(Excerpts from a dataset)
*** Begin section ***

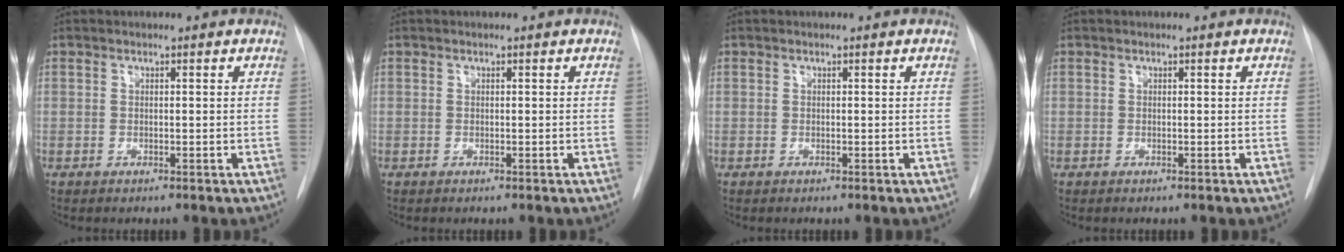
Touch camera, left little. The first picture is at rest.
{"total": 0.0}
{"total": 0.0}
{"total": 0.0}
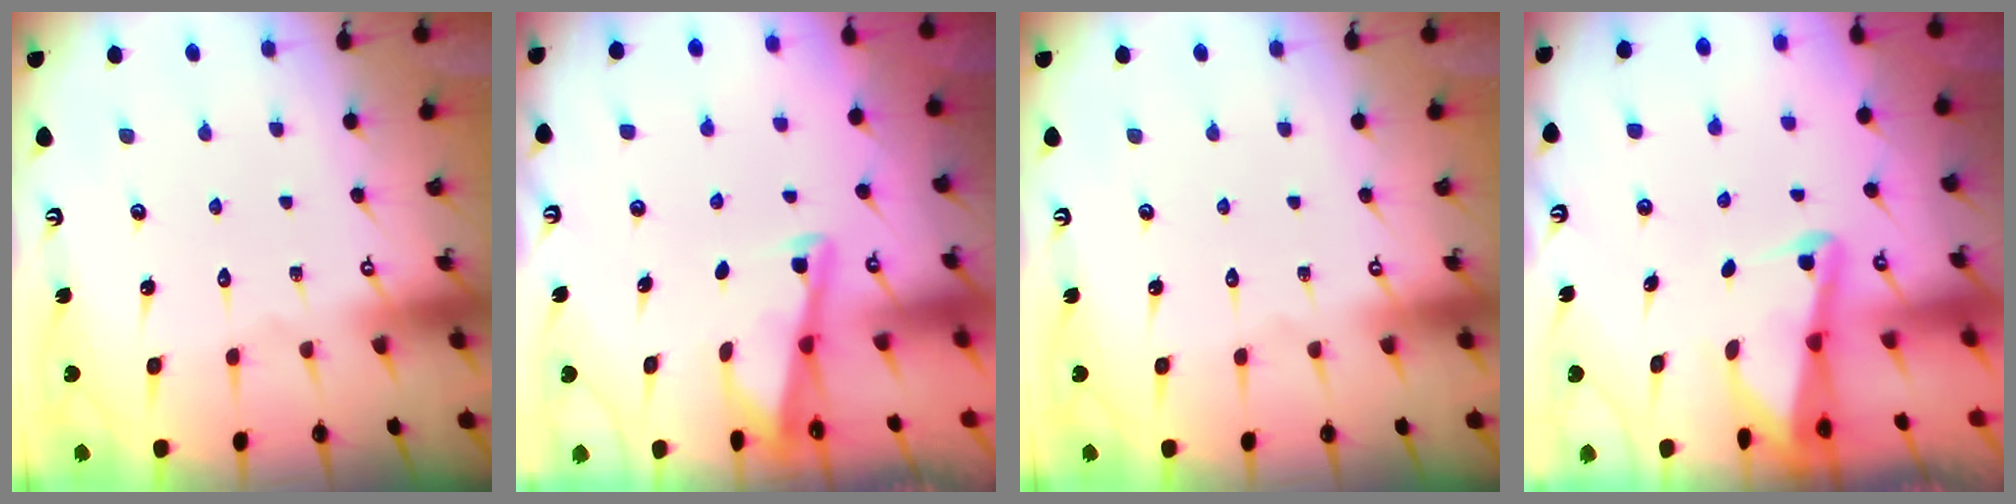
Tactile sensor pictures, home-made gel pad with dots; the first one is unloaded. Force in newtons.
{"total": 3.0, "press": 3.0, "slide": 0.3}
{"total": 0.0}
{"total": 2.6, "press": 2.5, "slide": 0.6}

*** End section ***

Your goal - For this exercise, transcribe the entries above exactly, without any pictures.

Answer to this exercise -
Touch camera, left little. The first picture is at rest.
{"total": 0.0}
{"total": 0.0}
{"total": 0.0}
Tactile sensor pictures, home-made gel pad with dots; the first one is unloaded. Force in newtons.
{"total": 3.0, "press": 3.0, "slide": 0.3}
{"total": 0.0}
{"total": 2.6, "press": 2.5, "slide": 0.6}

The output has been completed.